Meaningful racial equity audits require an “inside-out” approach. Significant racial equity advancement will remain elusive until organizations are willing to examine their own purpose, leadership, strategy, and culture before collaboratively exploring the demographics of their partnerships.
In our experience, five domains of critical practice need to be examined and addressed as part of a racial equity audit:
The first domain requires developing a shared understanding of the purpose for a racial equity audit.
- Can leadership and staff articulate a shared definition for racial equity and related concepts?
- Why is conducting a racial equity audit important to the organization?
- How will leadership and staff be engaged in the process?
Without leadership participation and support, a racial equity audit becomes a dusty set of demographic data, informing no real change.
- Has leadership articulated a specific vision for the role of racial equity in the organization’s mission?
- Does racial equity appear in the organization’s mission, vision, and values?
- What is the organization’s own demographic makeup, including leadership, staff, and board members?
Culture involves both an internal and external evaluation of the foundation’s racial equity stance and practices.
- How do staff understand and experience internal policies and practices that center equity and inclusivity?
- How does the organization seek to understand the racial equity stance and culture in its current and prospective partners?
- What tangible changes in operations and strategy must be incorporated for the organization to achieve its racial equity goals?
For foundations, racial equity and related concepts should be embedded in grantmaking strategy.
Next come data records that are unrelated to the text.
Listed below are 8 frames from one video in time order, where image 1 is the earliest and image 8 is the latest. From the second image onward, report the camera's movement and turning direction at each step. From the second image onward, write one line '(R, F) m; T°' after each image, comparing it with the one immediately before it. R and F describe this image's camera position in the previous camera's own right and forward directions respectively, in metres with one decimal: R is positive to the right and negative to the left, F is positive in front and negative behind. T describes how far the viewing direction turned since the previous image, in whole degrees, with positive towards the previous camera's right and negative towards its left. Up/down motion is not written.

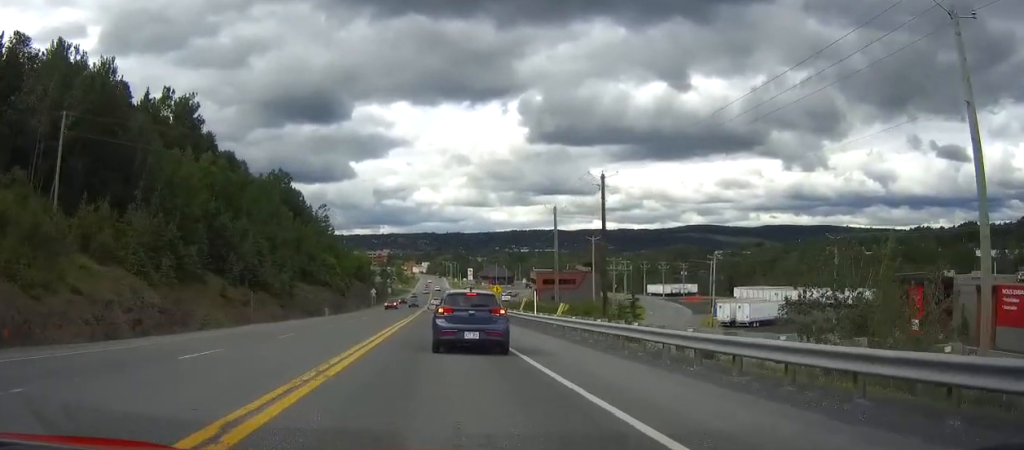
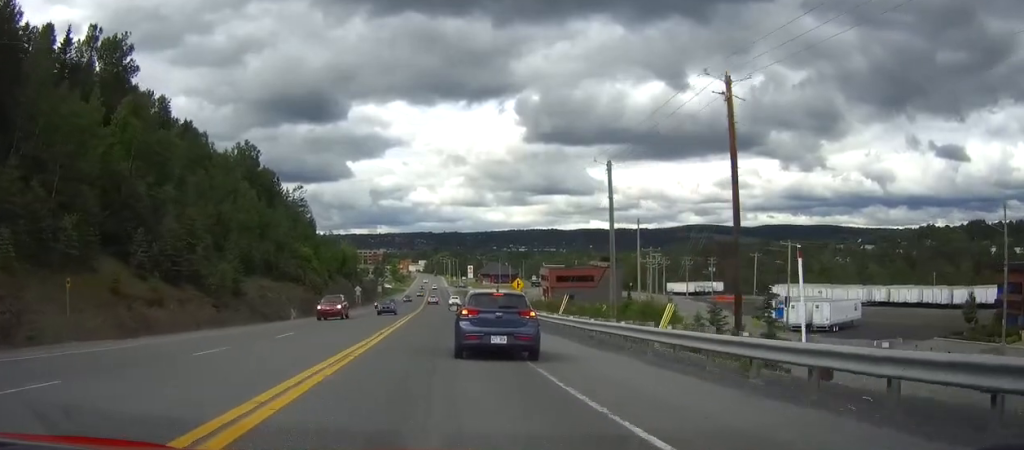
(+0.1, +25.5) m; 0°
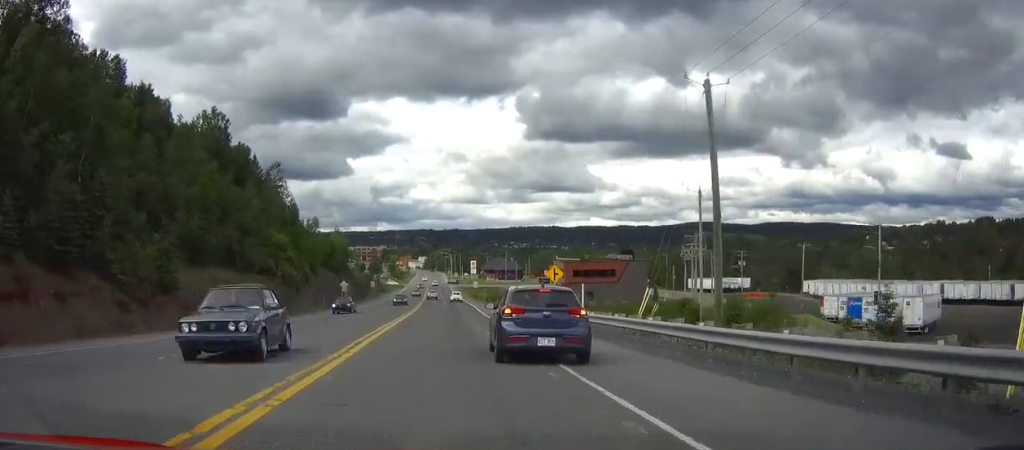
(0.0, +19.7) m; 0°
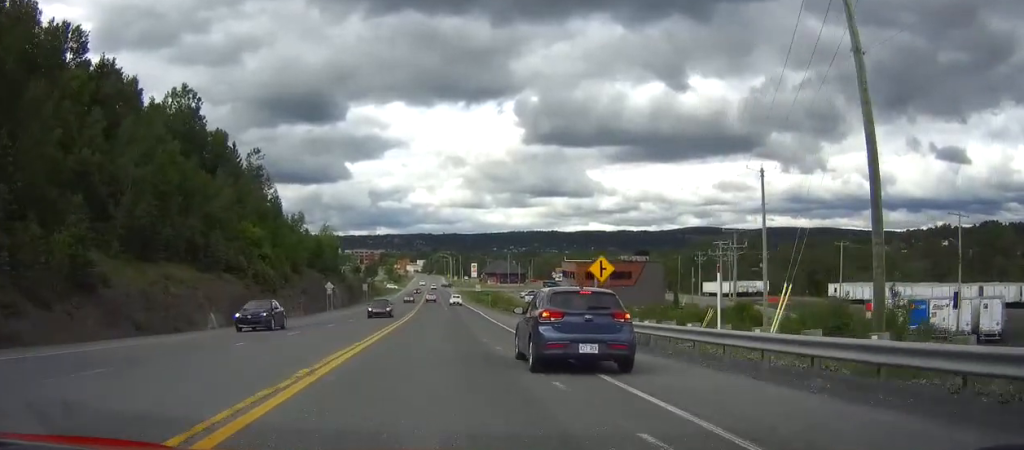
(0.0, +13.1) m; 0°
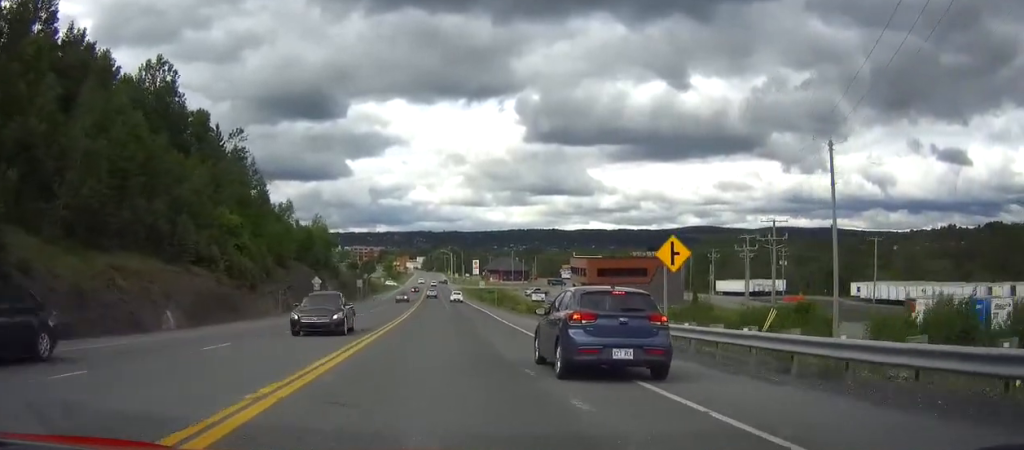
(0.0, +9.8) m; 0°
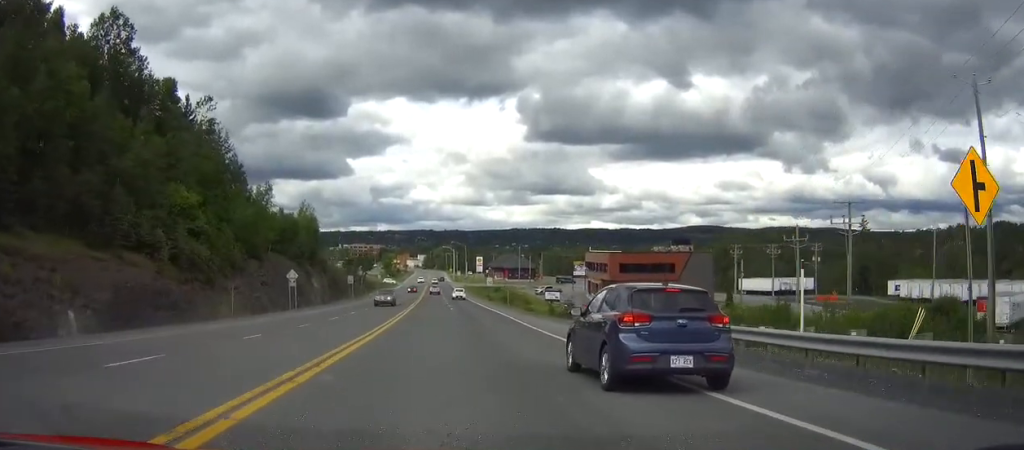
(0.0, +14.4) m; 0°
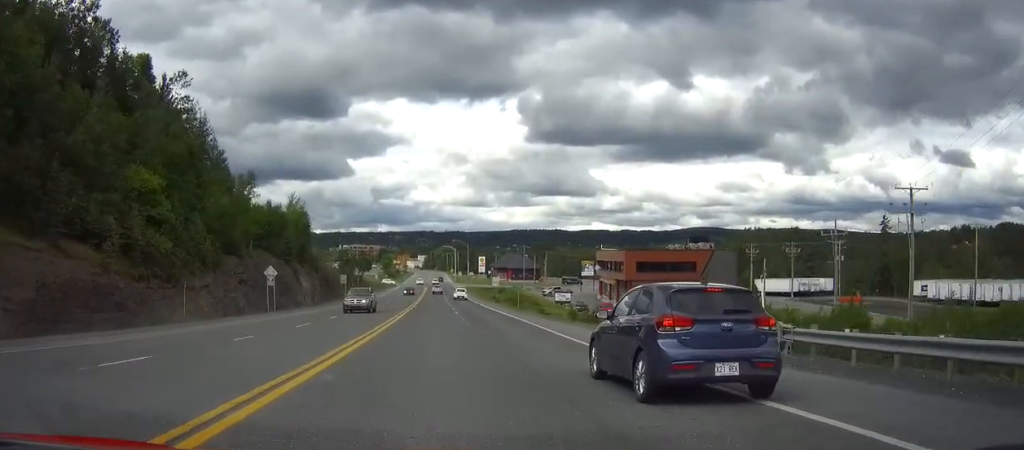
(0.0, +9.1) m; 0°
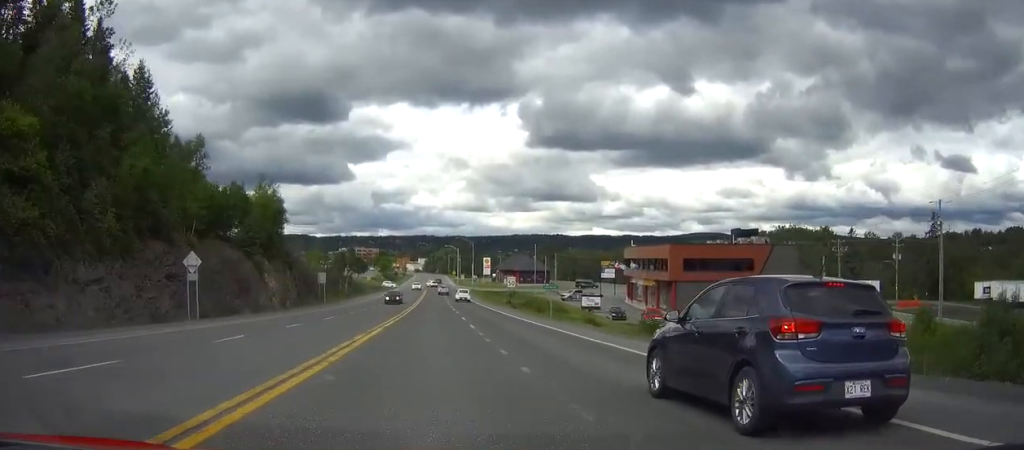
(-0.1, +19.4) m; 0°

Questions to ask include:
- How do foundation strategies embed racial equity?
- How does the foundation center racial equity in the selection of grantees?
- How does racial equity apply to grant size and current measurements of risk and partnership?
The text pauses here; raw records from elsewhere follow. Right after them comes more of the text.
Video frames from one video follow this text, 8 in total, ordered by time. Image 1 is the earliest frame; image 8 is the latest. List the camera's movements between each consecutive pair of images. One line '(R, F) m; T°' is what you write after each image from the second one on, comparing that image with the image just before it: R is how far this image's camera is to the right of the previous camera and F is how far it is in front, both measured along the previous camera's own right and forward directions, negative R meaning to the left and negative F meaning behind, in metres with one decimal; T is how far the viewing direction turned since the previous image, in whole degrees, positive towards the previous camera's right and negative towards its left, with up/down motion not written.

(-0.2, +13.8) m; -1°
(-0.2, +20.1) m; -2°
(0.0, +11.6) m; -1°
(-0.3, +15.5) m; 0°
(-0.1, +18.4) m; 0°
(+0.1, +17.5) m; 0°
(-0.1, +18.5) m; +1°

- Is the organization holding itself accountable to its own principles?
[F]oundations should dedicate time and effort to understand the racial equity patterns of current and prospective grantees, measure resource allocation to BIPOC-led organizations—and be able to articulate how it supports grantees in their work to achieve a more racially just world.
- How is racial equity incorporated in grantee strategies?
- What are grantees’ approaches to identifying and addressing systemic racial inequities?
- What is the demographic makeup of their boards and staff?
- What is the demographic makeup of the communities they serve?